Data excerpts
+ + + + +

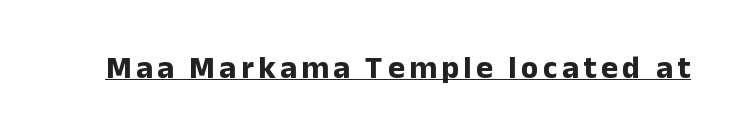
The characters look thick and weighty, a clear bold. The letters stand straight up with perfectly vertical stems. A baseline rule has been typeset under these characters. A typesetter would label this face a sans.
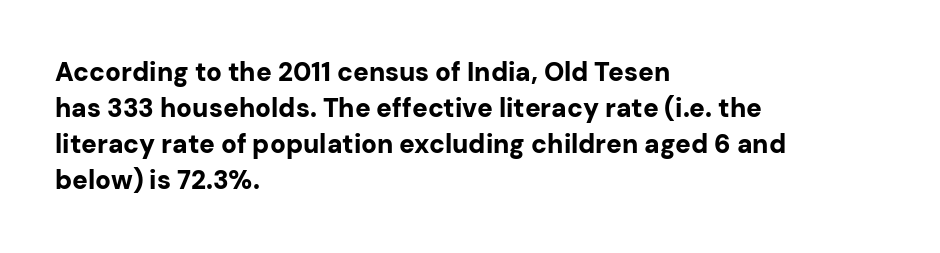
The image shows 26 px bold type, upright; set left-aligned, normal line spacing (1.38x), normal letter spacing, not underlined.
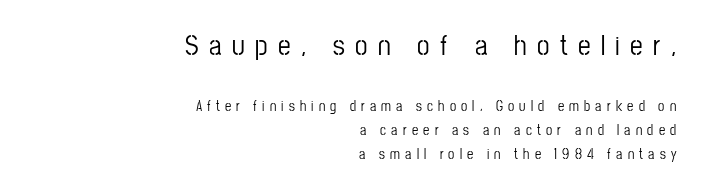
The gap between lines stays unmarked. Here the designer chose a conventional face with non-uniform glyph widths. Short note: letters widely spaced. Are there feet on the stems? There aren't — it's a sans.
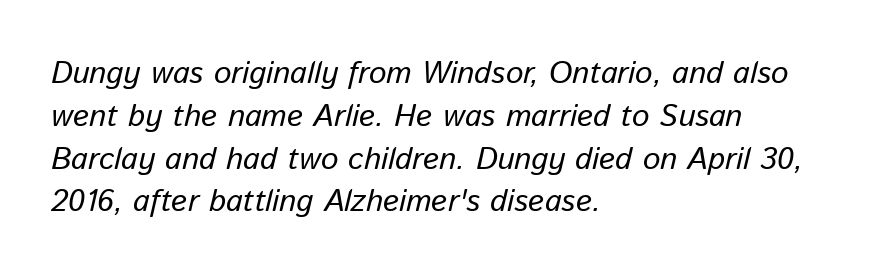
The image shows 31 px text type, italic (leaning right); set left-aligned, normal line spacing (1.38x), normal letter spacing, not underlined; low stroke contrast and a medium x-height.
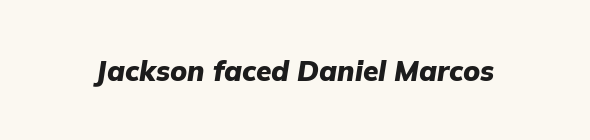
Q: Is the text bold? A: Yes.
Q: Is the text italic (slanted)? A: Yes, it leans right by about 9 degrees.
Q: Is the text underlined? A: No.
Q: Is the spacing between letters normal or unusually wide? A: Normal.
Q: Width (condensed, normal, or wide)? A: Normal.
Q: Stroke contrast? A: Low.
Q: x-height? A: Medium.
Q: Monospaced? A: No.
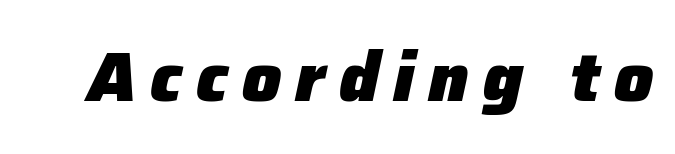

+ + + + +

TASK DIRECTIONS: Given the data above, which lines hold the string "image"? Return them.

RESPONSE TO THIS EXERCISE:
The image shows 26 px bold type, upright; set left-aligned, normal line spacing (1.38x), normal letter spacing, not underlined.
The image shows 31 px text type, italic (leaning right); set left-aligned, normal line spacing (1.38x), normal letter spacing, not underlined; low stroke contrast and a medium x-height.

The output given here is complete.